> **Problem to solve**:
Every line below that holds "translate" must be copied.

> **Items from a dataset**:
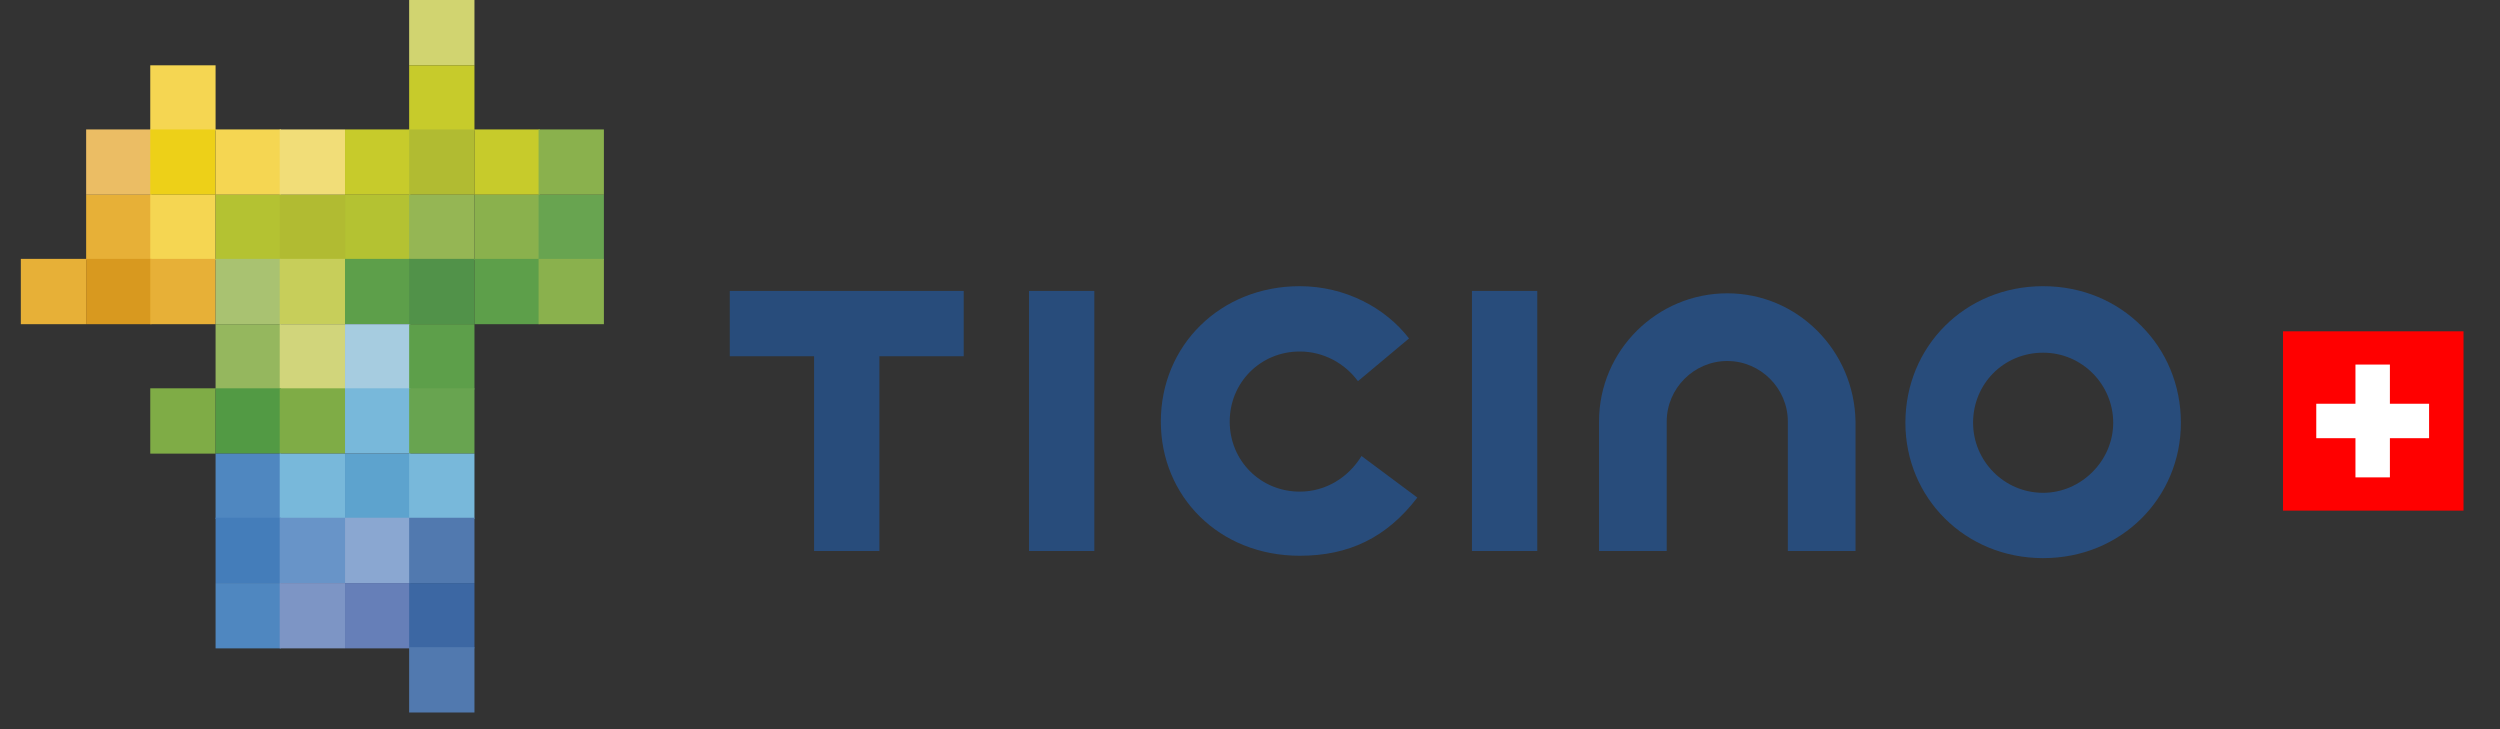 <?xml version="1.0" encoding="UTF-8"?>
<svg width="120px" height="35px" viewBox="0 0 120 35" version="1.1" xmlns="http://www.w3.org/2000/svg" xmlns:xlink="http://www.w3.org/1999/xlink">
    <rect x="0" y="0" width="120" height="35" fill="#333333" stroke="none"/>
    <title>logo-ticino-turismo</title>
    <g id="logo-ticino-turismo" stroke="none" stroke-width="1" fill="none" fill-rule="evenodd">
        <g transform="translate(1, 0)" fill-rule="nonzero" id="Group">
            <g transform="translate(34.029, 13.737)">
                <g fill="#284C7B">
                    <g id="Path" transform="translate(14.364, 0)">
                        <polygon points="3.135 12.711 -2.99760216e-16 12.711 -2.99760216e-16 0.228 3.135 0.228"></polygon>
                        <path d="M12.996,9.861 C11.115,9.861 9.633,8.379 9.633,6.498 C9.633,4.617 11.115,3.135 12.996,3.135 C14.136,3.135 15.162,3.705 15.789,4.56 L15.789,4.56 L18.24,2.508 C17.1,1.026 15.162,-1.12410081e-16 12.996,-1.12410081e-16 C9.177,-1.12410081e-16 6.327,2.85 6.327,6.498 C6.327,10.089 9.12,12.939 12.996,12.939 C15.333,12.939 17.157,12.084 18.639,10.146 L15.96,8.151 C15.333,9.177 14.25,9.861 12.996,9.861 Z"></path>
                        <polygon points="24.396 12.711 21.261 12.711 21.261 0.228 24.396 0.228"></polygon>
                    </g>
                    <path d="M47.88,0.342 C44.517,0.342 41.724,3.078 41.724,6.498 L41.724,12.711 L44.973,12.711 L44.973,6.498 C44.973,4.902 46.284,3.591 47.88,3.591 C49.476,3.591 50.787,4.902 50.787,6.498 L50.787,12.711 L54.036,12.711 L54.036,6.498 C53.979,3.078 51.243,0.342 47.88,0.342 Z" id="Path"></path>
                    <path d="M63.042,-1.12410081e-16 C59.28,-1.12410081e-16 56.43,2.907 56.43,6.555 C56.43,10.146 59.28,13.053 63.042,13.053 C66.804,13.053 69.654,10.146 69.654,6.555 C69.654,2.907 66.804,-1.12410081e-16 63.042,-1.12410081e-16 Z M63.042,9.918 C61.161,9.918 59.679,8.379 59.679,6.555 C59.679,4.674 61.161,3.192 63.042,3.192 C64.923,3.192 66.405,4.731 66.405,6.555 C66.405,8.379 64.866,9.918 63.042,9.918 Z" id="Shape"></path>
                    <polygon id="Path" points="11.229 3.363 11.229 0.228 7.182 0.228 7.182 0.228 4.047 0.228 4.047 0.228 1.59872115e-15 0.228 1.59872115e-15 3.363 4.047 3.363 4.047 12.711 7.182 12.711 7.182 3.363"></polygon>
                </g>
                <g id="Path" transform="translate(74.556, 2.166)">
                    <polyline fill="#FF0000" points="8.664 -2.99760216e-16 1.99840144e-16 -2.99760216e-16 1.99840144e-16 8.607 8.664 8.607 8.664 -2.99760216e-16"></polyline>
                    <polygon fill="#FFFFFF" points="7.011 3.477 5.13 3.477 5.13 1.596 3.477 1.596 3.477 3.477 1.596 3.477 1.596 5.13 3.477 5.13 3.477 7.011 5.13 7.011 5.13 5.13 7.011 5.13"></polygon>
                </g>
            </g>
            <g>
                <rect id="Rectangle" fill="#D1D470" x="18.639" y="0" width="3.135" height="3.135"></rect>
                <rect id="Rectangle" fill="#F5D652" x="6.213" y="3.135" width="3.135" height="3.135"></rect>
                <rect id="Rectangle" fill="#C7CB2B" x="18.639" y="3.135" width="3.135" height="3.135"></rect>
                <rect id="Rectangle" fill="#EBBD64" x="3.135" y="6.213" width="3.135" height="3.135"></rect>
                <rect id="Rectangle" fill="#EDD018" x="6.213" y="6.213" width="3.135" height="3.135"></rect>
                <rect id="Rectangle" fill="#F5D652" x="9.348" y="6.213" width="3.135" height="3.135"></rect>
                <rect id="Rectangle" fill="#F1DD78" x="12.426" y="6.213" width="3.135" height="3.135"></rect>
                <rect id="Rectangle" fill="#C7CB2B" x="15.561" y="6.213" width="3.135" height="3.135"></rect>
                <rect id="Rectangle" fill="#B1BB32" x="18.639" y="6.213" width="3.135" height="3.135"></rect>
                <rect id="Rectangle" fill="#C7CB2B" x="21.774" y="6.213" width="3.135" height="3.135"></rect>
                <rect id="Rectangle" fill="#8AB14D" x="24.852" y="6.213" width="3.135" height="3.135"></rect>
                <rect id="Rectangle" fill="#E7B037" x="3.135" y="9.348" width="3.135" height="3.135"></rect>
                <rect id="Rectangle" fill="#F5D652" x="6.213" y="9.348" width="3.135" height="3.135"></rect>
                <rect id="Rectangle" fill="#B4C232" x="9.348" y="9.348" width="3.135" height="3.135"></rect>
                <rect id="Rectangle" fill="#B1BB32" x="12.426" y="9.348" width="3.135" height="3.135"></rect>
                <rect id="Rectangle" fill="#B4C232" x="15.561" y="9.348" width="3.135" height="3.135"></rect>
                <rect id="Rectangle" fill="#95B654" x="18.639" y="9.348" width="3.135" height="3.135"></rect>
                <rect id="Rectangle" fill="#8AB14D" x="21.774" y="9.348" width="3.135" height="3.135"></rect>
                <rect id="Rectangle" fill="#68A450" x="24.852" y="9.348" width="3.135" height="3.135"></rect>
                <rect id="Rectangle" fill="#E7B037" x="0" y="12.426" width="3.135" height="3.135"></rect>
                <rect id="Rectangle" fill="#D8991F" x="3.135" y="12.426" width="3.135" height="3.135"></rect>
                <rect id="Rectangle" fill="#E7B037" x="6.213" y="12.426" width="3.135" height="3.135"></rect>
                <rect id="Rectangle" fill="#A9C271" x="9.348" y="12.426" width="3.135" height="3.135"></rect>
                <rect id="Rectangle" fill="#C7CE5A" x="12.426" y="12.426" width="3.135" height="3.135"></rect>
                <rect id="Rectangle" fill="#5D9F4A" x="15.561" y="12.426" width="3.135" height="3.135"></rect>
                <rect id="Rectangle" fill="#519249" x="18.639" y="12.426" width="3.135" height="3.135"></rect>
                <rect id="Rectangle" fill="#5D9F4A" x="21.774" y="12.426" width="3.135" height="3.135"></rect>
                <rect id="Rectangle" fill="#8AB14D" x="24.852" y="12.426" width="3.135" height="3.135"></rect>
                <rect id="Rectangle" fill="#95B75E" x="9.348" y="15.561" width="3.135" height="3.135"></rect>
                <rect id="Rectangle" fill="#D1D57B" x="12.426" y="15.561" width="3.135" height="3.135"></rect>
                <rect id="Rectangle" fill="#A6CCE0" x="15.561" y="15.561" width="3.135" height="3.135"></rect>
                <rect id="Rectangle" fill="#5D9F4A" x="18.639" y="15.561" width="3.135" height="3.135"></rect>
                <rect id="Rectangle" fill="#7FAC46" x="6.213" y="18.639" width="3.135" height="3.135"></rect>
                <rect id="Rectangle" fill="#529A44" x="9.348" y="18.639" width="3.135" height="3.135"></rect>
                <rect id="Rectangle" fill="#7FAC46" x="12.426" y="18.639" width="3.135" height="3.135"></rect>
                <rect id="Rectangle" fill="#78B8DA" x="15.561" y="18.639" width="3.135" height="3.135"></rect>
                <rect id="Rectangle" fill="#68A450" x="18.639" y="18.639" width="3.135" height="3.135"></rect>
                <rect id="Rectangle" fill="#4F87C0" x="9.348" y="21.774" width="3.135" height="3.135"></rect>
                <rect id="Rectangle" fill="#78B8DA" x="12.426" y="21.774" width="3.135" height="3.135"></rect>
                <rect id="Rectangle" fill="#5DA3CE" x="15.561" y="21.774" width="3.135" height="3.135"></rect>
                <rect id="Rectangle" fill="#78B8DA" x="18.639" y="21.774" width="3.135" height="3.135"></rect>
                <rect id="Rectangle" fill="#447DBA" x="9.348" y="24.852" width="3.135" height="3.135"></rect>
                <rect id="Rectangle" fill="#6894C8" x="12.426" y="24.852" width="3.135" height="3.135"></rect>
                <rect id="Rectangle" fill="#8AA7D1" x="15.561" y="24.852" width="3.135" height="3.135"></rect>
                <rect id="Rectangle" fill="#5179AF" x="18.639" y="24.852" width="3.135" height="3.135"></rect>
                <rect id="Rectangle" fill="#4F87C0" x="9.348" y="27.987" width="3.135" height="3.135"></rect>
                <rect id="Rectangle" fill="#7D95C5" x="12.426" y="27.987" width="3.135" height="3.135"></rect>
                <rect id="Rectangle" fill="#667FB8" x="15.561" y="27.987" width="3.135" height="3.135"></rect>
                <rect id="Rectangle" fill="#3C67A3" x="18.639" y="27.987" width="3.135" height="3.135"></rect>
                <rect id="Rectangle" fill="#5179AF" x="18.639" y="31.065" width="3.135" height="3.135"></rect>
            </g>
        </g>
    </g>
</svg>

> **Answer to this exercise**:
        <g transform="translate(1, 0)" fill-rule="nonzero" id="Group">
            <g transform="translate(34.029, 13.737)">
                    <g id="Path" transform="translate(14.364, 0)">
                <g id="Path" transform="translate(74.556, 2.166)">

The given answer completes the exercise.